* TRY IT: Any picture in the listing is left out of the copy; all else is duplicated exactly.

RECORDED INFORMATION START

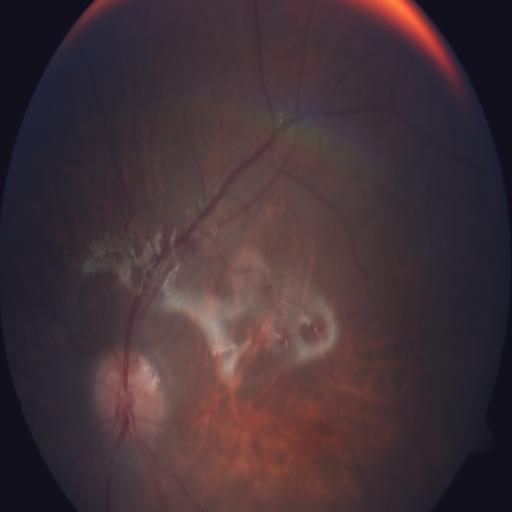

The image shows retinal traction (RT).
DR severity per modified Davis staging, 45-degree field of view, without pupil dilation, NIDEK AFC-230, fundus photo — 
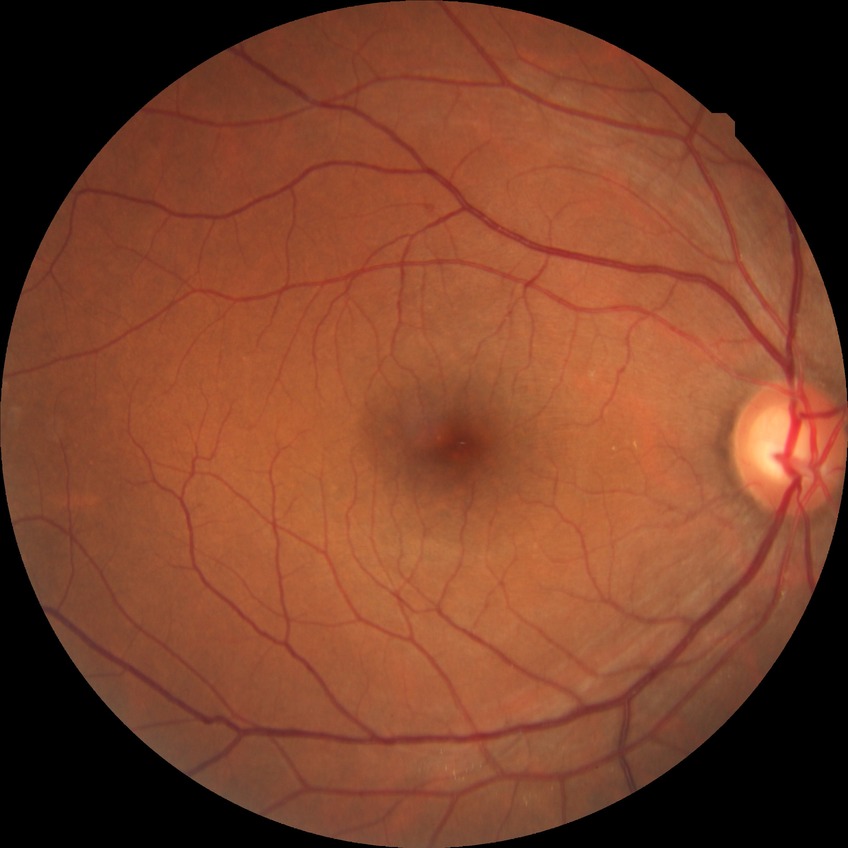

Diabetic retinopathy (DR) is NDR (no diabetic retinopathy).

RECORDED INFORMATION END

* YOUR RESPONSE:
The image shows retinal traction (RT).
DR severity per modified Davis staging, 45-degree field of view, without pupil dilation, NIDEK AFC-230, fundus photo — 

Diabetic retinopathy (DR) is NDR (no diabetic retinopathy).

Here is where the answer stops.